Big Pharma has long looked to Big Biotech for synergistic programs to drive innovation. Now its vision is expanding to smaller innovators that are developing programs that may improve outcomes, even when those programs are outside its traditional niche. For example, Roche’s merger with Foundation Medicine enhances its personalized medicine approach with patients’ genomic profiling, and its acquisition of Flatiron integrates real-world evidence into drug development. Looking further afield, the CVS acquisition of Aetna promises a new, patient-centric, low-cost, easy-to-use healthcare option. In this environment, Accenture predicts biotechs’ market share will grow from 19 percent in 2017 to 25 percent in 2022.
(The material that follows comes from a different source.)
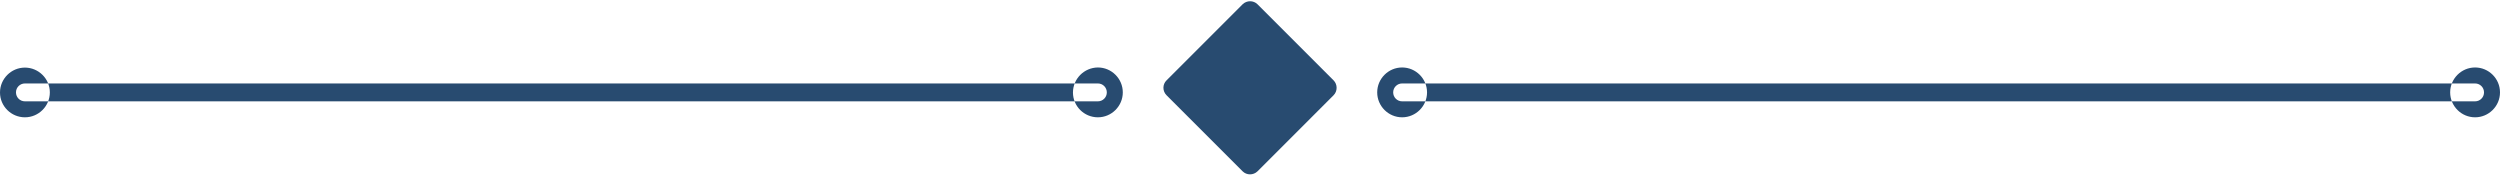 <?xml version="1.0" encoding="UTF-8" standalone="no"?><svg xmlns="http://www.w3.org/2000/svg" xmlns:xlink="http://www.w3.org/1999/xlink" fill="#000000" height="14.7" preserveAspectRatio="xMidYMid meet" version="1" viewBox="0.0 -0.1 209.7 14.7" width="209.7" zoomAndPan="magnify"><g id="change1_1"><path clip-rule="evenodd" d="M97.85,6.64l6.38-6.38c0.35-0.34,0.91-0.34,1.25,0l6.38,6.38 c0.34,0.34,0.34,0.91,0,1.25l-6.38,6.38c-0.35,0.34-0.91,0.34-1.25,0l-6.38-6.38C97.5,7.54,97.5,6.98,97.85,6.64z M207.61,8.4 c0.41,0,0.75-0.33,0.75-0.75c0-0.41-0.33-0.75-0.75-0.75h-90c-0.41,0-0.75,0.33-0.75,0.75c0,0.41,0.33,0.75,0.75,0.75H207.61z M117.61,9.74c1.15,0,2.09-0.94,2.09-2.09s-0.94-2.09-2.09-2.09c-1.15,0-2.09,0.94-2.09,2.09S116.46,9.74,117.61,9.74z M207.61,9.74 c1.15,0,2.09-0.94,2.09-2.09s-0.94-2.09-2.09-2.09c-1.15,0-2.09,0.94-2.09,2.09S206.46,9.74,207.61,9.74z M92.09,8.4 c0.41,0,0.75-0.33,0.75-0.75c0-0.41-0.33-0.75-0.75-0.75h-90c-0.41,0-0.75,0.33-0.75,0.75c0,0.41,0.33,0.75,0.75,0.75H92.09z M2.09,9.74c1.15,0,2.09-0.94,2.09-2.09S3.23,5.57,2.09,5.57C0.94,5.57,0,6.51,0,7.66S0.94,9.74,2.09,9.74z M92.09,9.74 c1.15,0,2.09-0.94,2.09-2.09s-0.94-2.09-2.09-2.09C90.94,5.57,90,6.51,90,7.66S90.94,9.74,92.09,9.74z" fill="#284b70" fill-rule="evenodd"/></g></svg>

“The perennial question every R&D organization asks itself is how to drive innovation. Biotech is seen as a way to do that,” Henderson says. “Moving forward, we’ll see external innovation grow as a core component of large companies’ innovation strategies.” This will involve acquiring not just a molecule but also the technology and talent needed for success.

New science provides tremendous opportunities for biopharma companies to grow, despite today’s disruptive compression. Unleashing the full potential of genomics and health technologies, though, involves more than simply adding digital to the mix or advancing new molecular entities or developing companion diagnostics.
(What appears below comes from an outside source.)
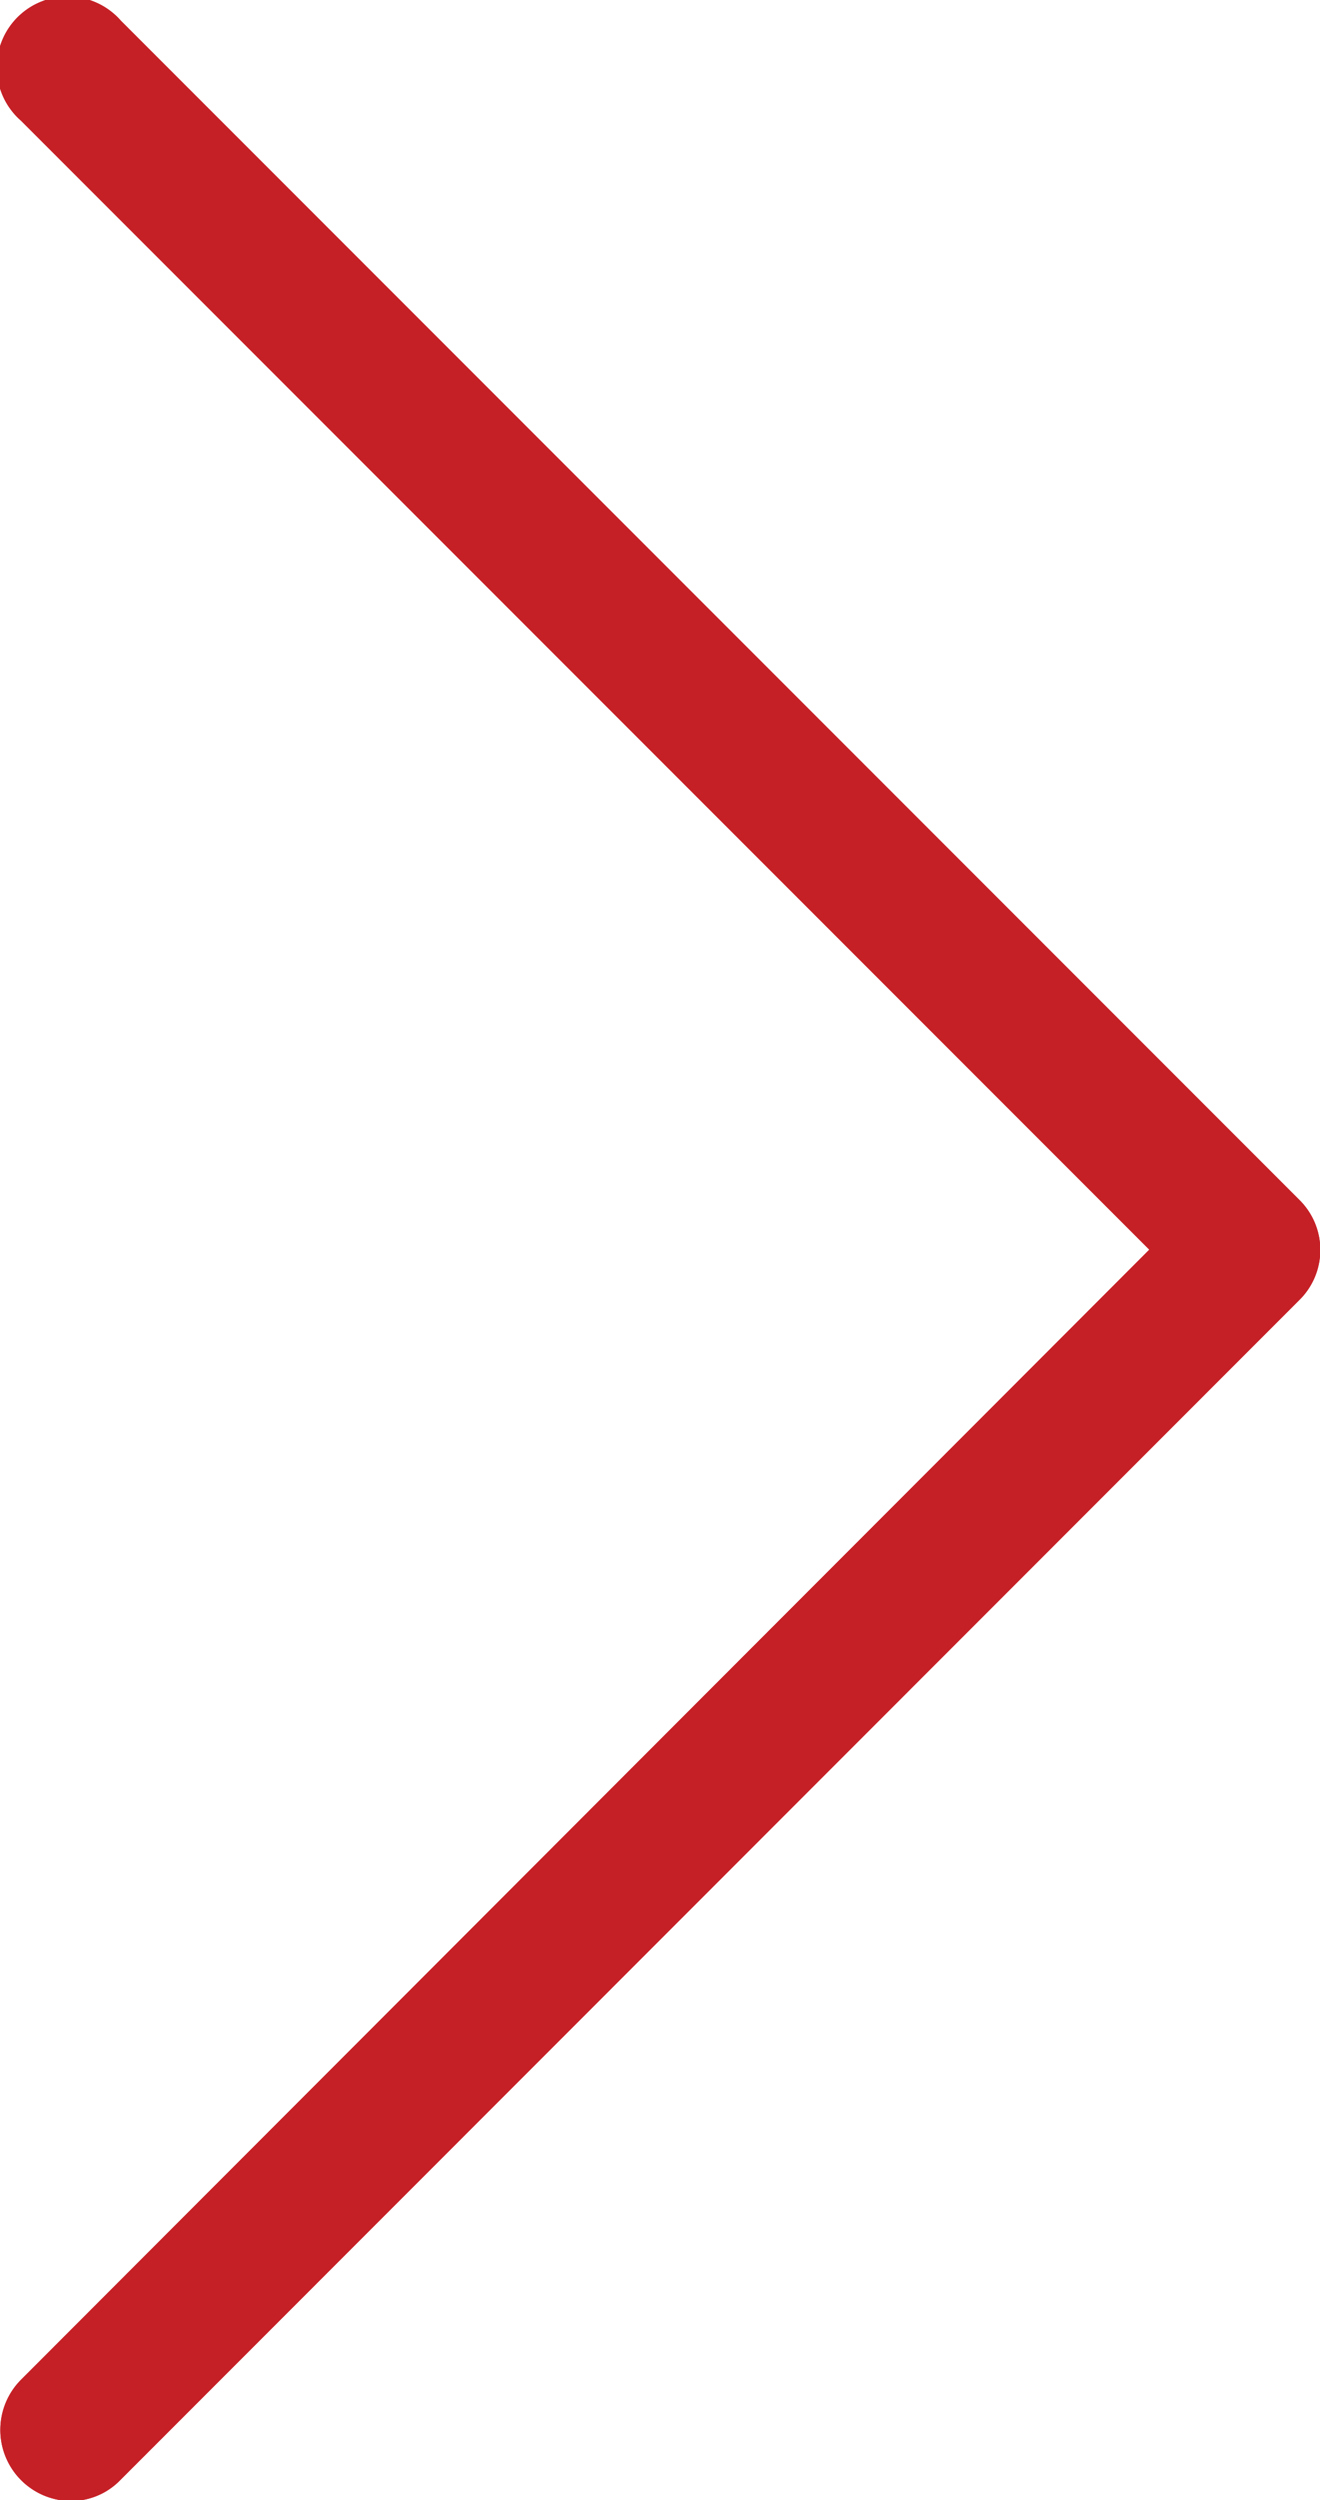 <svg xmlns="http://www.w3.org/2000/svg" width="4.717" height="8.929" viewBox="0 0 4.717 8.929"><defs><style>.a{fill:#c52026;}</style></defs><g transform="translate(-112.556)"><path class="a" d="M117.2,4.286,112.988.074a.253.253,0,1,0-.357.357l4.032,4.032L112.63,8.5a.254.254,0,0,0,.178.432.246.246,0,0,0,.178-.075L117.2,4.642A.251.251,0,0,0,117.2,4.286Z" transform="translate(0)"/><path class="a" d="M117.2,4.286,112.988.074a.253.253,0,1,0-.357.357l4.032,4.032L112.63,8.5a.254.254,0,0,0,.178.432.246.246,0,0,0,.178-.075L117.2,4.642A.251.251,0,0,0,117.2,4.286Z" transform="translate(0)"/></g></svg>

For companies to achieve their full potential in a new science arena, they must develop an innovative molecule that meets an unmet need and then develop a complete package of technologies and talent around it. In the process, new science companies will find themselves reevaluating their programs and companies by how they will fit into a rapidly evolving business, scientific, regulatory, and reimbursement environment.

Achieving success in the realm of new science requires, as the Accenture report says, the willingness to “pivot wisely to realize the promises of new science.